Kathy wanted riders to work with as simple gear as possible. She watched the horses work, and then in all the sessions I saw, she asked riders to remove martingales. In a few cases Kathy suggested to riders that they compete in their martingales and at least one case I saw she strongly advised against it – saying it would encourage the particular horse more on to it’s forehand. She said she liked to work with plain snaffles and cavesson nose bands unless the horse really crossed it’s jaw, as opening the mouth could be a form of giving the jaw. She told a great story about her ‘bag of bits’.

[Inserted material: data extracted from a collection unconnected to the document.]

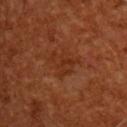<case>
  <biopsy_status>not biopsied; imaged during a skin examination</biopsy_status>
  <lighting>cross-polarized</lighting>
  <patient>
    <sex>male</sex>
    <age_approx>60</age_approx>
  </patient>
  <site>upper back</site>
  <image>
    <source>total-body photography crop</source>
    <field_of_view_mm>15</field_of_view_mm>
  </image>
  <lesion_size>
    <long_diameter_mm_approx>3.5</long_diameter_mm_approx>
  </lesion_size>
</case>
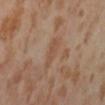The lesion is located on the abdomen. The subject is a female roughly 55 years of age. A 15 mm close-up tile from a total-body photography series done for melanoma screening.
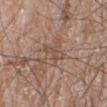Assessment: Imaged during a routine full-body skin examination; the lesion was not biopsied and no histopathology is available. Background: Automated image analysis of the tile measured a lesion area of about 3 mm² and a shape eccentricity near 0.95. The analysis additionally found an average lesion color of about L≈50 a*≈17 b*≈26 (CIELAB), roughly 6 lightness units darker than nearby skin, and a normalized lesion–skin contrast near 5. The analysis additionally found a classifier nevus-likeness of about 0/100 and a detector confidence of about 70 out of 100 that the crop contains a lesion. This is a white-light tile. The recorded lesion diameter is about 3.5 mm. A male subject, about 60 years old. The lesion is located on the right lower leg. A 15 mm close-up extracted from a 3D total-body photography capture.
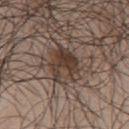<case>
<biopsy_status>not biopsied; imaged during a skin examination</biopsy_status>
<site>back</site>
<patient>
  <sex>male</sex>
  <age_approx>50</age_approx>
</patient>
<image>
  <source>total-body photography crop</source>
  <field_of_view_mm>15</field_of_view_mm>
</image>
</case>
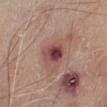| field | value |
|---|---|
| workup | catalogued during a skin exam; not biopsied |
| subject | male, approximately 65 years of age |
| lesion size | ~3.5 mm (longest diameter) |
| anatomic site | the left lower leg |
| acquisition | ~15 mm tile from a whole-body skin photo |
| tile lighting | white-light illumination |
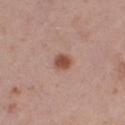Captured during whole-body skin photography for melanoma surveillance; the lesion was not biopsied. Located on the leg. A region of skin cropped from a whole-body photographic capture, roughly 15 mm wide. About 2.5 mm across. A female subject, in their 40s. Automated tile analysis of the lesion measured a lesion color around L≈51 a*≈22 b*≈28 in CIELAB, roughly 12 lightness units darker than nearby skin, and a lesion-to-skin contrast of about 9 (normalized; higher = more distinct). The analysis additionally found a border-irregularity rating of about 2/10 and peripheral color asymmetry of about 1. The analysis additionally found a classifier nevus-likeness of about 95/100 and a lesion-detection confidence of about 100/100. This is a white-light tile.
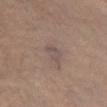notes = imaged on a skin check; not biopsied | automated lesion analysis = an average lesion color of about L≈48 a*≈14 b*≈19 (CIELAB) and about 6 CIELAB-L* units darker than the surrounding skin; a border-irregularity rating of about 3.5/10, a within-lesion color-variation index near 1.5/10, and a peripheral color-asymmetry measure near 0.5 | anatomic site = the left leg | lesion size = ≈2.5 mm | imaging modality = ~15 mm tile from a whole-body skin photo | subject = male, aged 48–52 | illumination = cross-polarized.

“I used to always travel to shows with my ‘bag of bits’, everything you could imagine – including a bicycle chain bit. One day Bill Steinkraus took me aside and told me I didn’t need all those bits, I should have a ‘bag of hands’ not a bag of bits. Not long after he was having trouble with a horse he was showing and he came to me… and asked to borrow my bicycle chain bit and went on and won the next three classes on the circuit. I believe we were both partly right.”

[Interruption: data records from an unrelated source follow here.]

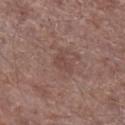Recorded during total-body skin imaging; not selected for excision or biopsy.
From the right lower leg.
A male patient aged 68 to 72.
A roughly 15 mm field-of-view crop from a total-body skin photograph.
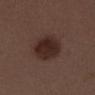The lesion was photographed on a routine skin check and not biopsied; there is no pathology result. Imaged with white-light lighting. The lesion is on the back. A region of skin cropped from a whole-body photographic capture, roughly 15 mm wide. An algorithmic analysis of the crop reported a normalized border contrast of about 10. The analysis additionally found a border-irregularity index near 1/10, a color-variation rating of about 3.5/10, and radial color variation of about 1. And it measured lesion-presence confidence of about 100/100. A male patient, in their 30s. Longest diameter approximately 5 mm.
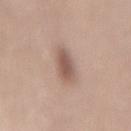Part of a total-body skin-imaging series; this lesion was reviewed on a skin check and was not flagged for biopsy. On the mid back. The lesion-visualizer software estimated a footprint of about 7 mm², a shape eccentricity near 0.75, and two-axis asymmetry of about 0.2. The analysis additionally found peripheral color asymmetry of about 1. The patient is a male aged around 70. A 15 mm crop from a total-body photograph taken for skin-cancer surveillance. The tile uses white-light illumination.
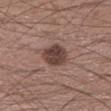notes = total-body-photography surveillance lesion; no biopsy | imaging modality = ~15 mm tile from a whole-body skin photo | subject = male, about 30 years old | body site = the left lower leg.
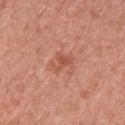Image and clinical context:
An algorithmic analysis of the crop reported a lesion color around L≈54 a*≈28 b*≈32 in CIELAB, about 8 CIELAB-L* units darker than the surrounding skin, and a normalized lesion–skin contrast near 6. A 15 mm close-up extracted from a 3D total-body photography capture. The lesion is on the arm. Imaged with white-light lighting. A female subject, approximately 40 years of age. About 2.5 mm across.
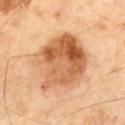Q: Was this lesion biopsied?
A: catalogued during a skin exam; not biopsied
Q: What lighting was used for the tile?
A: cross-polarized
Q: What is the lesion's diameter?
A: ~7.5 mm (longest diameter)
Q: Patient demographics?
A: male, aged around 70
Q: What is the imaging modality?
A: 15 mm crop, total-body photography
Q: Lesion location?
A: the left thigh
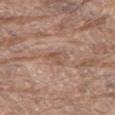The lesion was photographed on a routine skin check and not biopsied; there is no pathology result. About 3 mm across. A roughly 15 mm field-of-view crop from a total-body skin photograph. Automated image analysis of the tile measured a nevus-likeness score of about 0/100 and lesion-presence confidence of about 75/100. Captured under white-light illumination. Located on the chest. A male subject aged approximately 80.
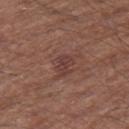workup: catalogued during a skin exam; not biopsied | lesion size: about 2.5 mm | acquisition: 15 mm crop, total-body photography | body site: the right thigh | patient: male, aged approximately 65 | image-analysis metrics: an area of roughly 3.5 mm² and two-axis asymmetry of about 0.4; a mean CIELAB color near L≈38 a*≈21 b*≈22, a lesion–skin lightness drop of about 7, and a lesion-to-skin contrast of about 6.5 (normalized; higher = more distinct); a border-irregularity rating of about 3.5/10, a within-lesion color-variation index near 1/10, and a peripheral color-asymmetry measure near 0.5 | lighting: white-light illumination.
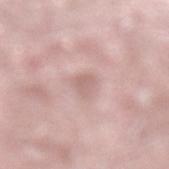Clinical impression: Captured during whole-body skin photography for melanoma surveillance; the lesion was not biopsied. Clinical summary: The lesion is on the left lower leg. A male subject aged approximately 75. A lesion tile, about 15 mm wide, cut from a 3D total-body photograph.
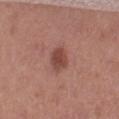{
  "biopsy_status": "not biopsied; imaged during a skin examination",
  "lesion_size": {
    "long_diameter_mm_approx": 3.5
  },
  "image": {
    "source": "total-body photography crop",
    "field_of_view_mm": 15
  },
  "automated_metrics": {
    "cielab_L": 46,
    "cielab_a": 24,
    "cielab_b": 25,
    "vs_skin_darker_L": 10.0,
    "border_irregularity_0_10": 2.0,
    "color_variation_0_10": 2.5,
    "peripheral_color_asymmetry": 1.0,
    "nevus_likeness_0_100": 95,
    "lesion_detection_confidence_0_100": 100
  },
  "patient": {
    "sex": "female",
    "age_approx": 40
  },
  "site": "right thigh"
}
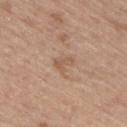Assessment: Part of a total-body skin-imaging series; this lesion was reviewed on a skin check and was not flagged for biopsy. Context: This is a white-light tile. A 15 mm crop from a total-body photograph taken for skin-cancer surveillance. The lesion is on the right thigh. Automated image analysis of the tile measured border irregularity of about 4.5 on a 0–10 scale and a color-variation rating of about 1/10. The software also gave a classifier nevus-likeness of about 0/100. The recorded lesion diameter is about 2.5 mm. A male subject, aged 68–72.
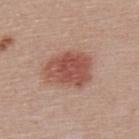Assessment:
This lesion was catalogued during total-body skin photography and was not selected for biopsy.
Background:
Longest diameter approximately 5.5 mm. Imaged with white-light lighting. The lesion is on the upper back. A lesion tile, about 15 mm wide, cut from a 3D total-body photograph. A male subject about 40 years old.
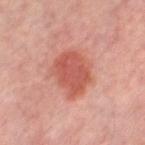Imaged during a routine full-body skin examination; the lesion was not biopsied and no histopathology is available. A close-up tile cropped from a whole-body skin photograph, about 15 mm across. Longest diameter approximately 5 mm. Automated tile analysis of the lesion measured an eccentricity of roughly 0.7 and a symmetry-axis asymmetry near 0.2. The software also gave an average lesion color of about L≈53 a*≈30 b*≈29 (CIELAB), roughly 11 lightness units darker than nearby skin, and a lesion-to-skin contrast of about 7.5 (normalized; higher = more distinct). The software also gave an automated nevus-likeness rating near 100 out of 100 and lesion-presence confidence of about 100/100. From the left thigh. A female patient in their 50s.
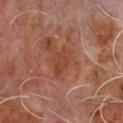Case summary:
• notes: total-body-photography surveillance lesion; no biopsy
• illumination: cross-polarized
• patient: male, in their mid-60s
• size: ≈3.5 mm
• anatomic site: the chest
• TBP lesion metrics: an area of roughly 5.5 mm² and a shape-asymmetry score of about 0.3 (0 = symmetric); a mean CIELAB color near L≈41 a*≈25 b*≈31 and a normalized border contrast of about 6; a detector confidence of about 100 out of 100 that the crop contains a lesion
• acquisition: ~15 mm crop, total-body skin-cancer survey
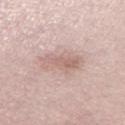{"biopsy_status": "not biopsied; imaged during a skin examination", "patient": {"sex": "female", "age_approx": 70}, "site": "left thigh", "lighting": "white-light", "lesion_size": {"long_diameter_mm_approx": 4.5}, "image": {"source": "total-body photography crop", "field_of_view_mm": 15}}
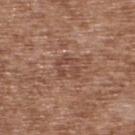No biopsy was performed on this lesion — it was imaged during a full skin examination and was not determined to be concerning. The lesion is on the upper back. Cropped from a whole-body photographic skin survey; the tile spans about 15 mm. Automated tile analysis of the lesion measured an average lesion color of about L≈46 a*≈21 b*≈27 (CIELAB), about 7 CIELAB-L* units darker than the surrounding skin, and a normalized border contrast of about 5.5. It also reported a nevus-likeness score of about 0/100. The subject is a male aged approximately 75. Measured at roughly 3 mm in maximum diameter. This is a white-light tile.
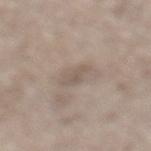No biopsy was performed on this lesion — it was imaged during a full skin examination and was not determined to be concerning.
A roughly 15 mm field-of-view crop from a total-body skin photograph.
Imaged with white-light lighting.
Longest diameter approximately 2.5 mm.
On the left lower leg.
A male subject in their 70s.
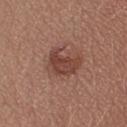Q: Is there a histopathology result?
A: no biopsy performed (imaged during a skin exam)
Q: Automated lesion metrics?
A: an average lesion color of about L≈42 a*≈23 b*≈26 (CIELAB), roughly 10 lightness units darker than nearby skin, and a lesion-to-skin contrast of about 7.5 (normalized; higher = more distinct); a border-irregularity rating of about 4.5/10 and radial color variation of about 1
Q: What is the lesion's diameter?
A: ≈4 mm
Q: What are the patient's age and sex?
A: female, roughly 35 years of age
Q: What is the imaging modality?
A: total-body-photography crop, ~15 mm field of view
Q: What is the anatomic site?
A: the head or neck
Q: What lighting was used for the tile?
A: white-light
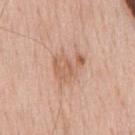The lesion was tiled from a total-body skin photograph and was not biopsied.
About 3.5 mm across.
The tile uses white-light illumination.
From the front of the torso.
A 15 mm crop from a total-body photograph taken for skin-cancer surveillance.
The patient is a male roughly 60 years of age.
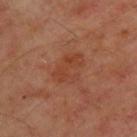No biopsy was performed on this lesion — it was imaged during a full skin examination and was not determined to be concerning.
A male subject, aged around 65.
Located on the upper back.
A region of skin cropped from a whole-body photographic capture, roughly 15 mm wide.
This is a cross-polarized tile.
An algorithmic analysis of the crop reported a footprint of about 9 mm², an eccentricity of roughly 0.75, and two-axis asymmetry of about 0.4. It also reported border irregularity of about 5.5 on a 0–10 scale, a within-lesion color-variation index near 3/10, and peripheral color asymmetry of about 1. The software also gave a nevus-likeness score of about 5/100 and lesion-presence confidence of about 100/100.
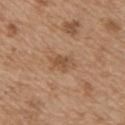No biopsy was performed on this lesion — it was imaged during a full skin examination and was not determined to be concerning. The tile uses white-light illumination. The lesion is on the chest. This image is a 15 mm lesion crop taken from a total-body photograph. The total-body-photography lesion software estimated a lesion area of about 4.5 mm², a shape eccentricity near 0.8, and a symmetry-axis asymmetry near 0.3. And it measured a within-lesion color-variation index near 2.5/10 and a peripheral color-asymmetry measure near 0.5. The subject is a male aged approximately 50.
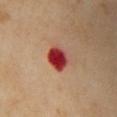{
  "biopsy_status": "not biopsied; imaged during a skin examination",
  "lighting": "cross-polarized",
  "image": {
    "source": "total-body photography crop",
    "field_of_view_mm": 15
  },
  "site": "chest",
  "patient": {
    "sex": "female",
    "age_approx": 55
  },
  "lesion_size": {
    "long_diameter_mm_approx": 3.0
  }
}
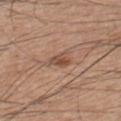  site: front of the torso
  patient:
    sex: male
    age_approx: 60
  lesion_size:
    long_diameter_mm_approx: 2.5
  image:
    source: total-body photography crop
    field_of_view_mm: 15
  automated_metrics:
    vs_skin_darker_L: 10.0
    vs_skin_contrast_norm: 7.0
    nevus_likeness_0_100: 25
    lesion_detection_confidence_0_100: 100
  lighting: white-light
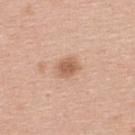The lesion was photographed on a routine skin check and not biopsied; there is no pathology result. Imaged with white-light lighting. Located on the upper back. A 15 mm close-up extracted from a 3D total-body photography capture. The total-body-photography lesion software estimated a mean CIELAB color near L≈60 a*≈21 b*≈32, about 11 CIELAB-L* units darker than the surrounding skin, and a normalized lesion–skin contrast near 7.5. The analysis additionally found a border-irregularity index near 1/10, internal color variation of about 2 on a 0–10 scale, and peripheral color asymmetry of about 0.5. It also reported a nevus-likeness score of about 80/100 and lesion-presence confidence of about 100/100. The lesion's longest dimension is about 3 mm. The subject is a female about 40 years old.
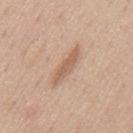Imaged during a routine full-body skin examination; the lesion was not biopsied and no histopathology is available.
An algorithmic analysis of the crop reported an area of roughly 5 mm², a shape eccentricity near 0.95, and a shape-asymmetry score of about 0.3 (0 = symmetric). And it measured a lesion–skin lightness drop of about 10.
The patient is a male in their 30s.
Measured at roughly 5 mm in maximum diameter.
The lesion is on the mid back.
A roughly 15 mm field-of-view crop from a total-body skin photograph.
Imaged with white-light lighting.

She told riders to use whatever they needed to get showed, but at home to work in the simplest possible gear.


POLES ON THE GROUND

The first session I watched began with a group of competitive riders seriously trotting a course of poles on the ground. The diminutive Kathy setting the tone for the session with a delightful blend of humour and information and that gift of the brilliant instructor which pushes the pupil as far as possible and then puts him or her together again. “Come on Peter, ride like Conrad Homfeld, you’re Conrad, you can do it Conrad.”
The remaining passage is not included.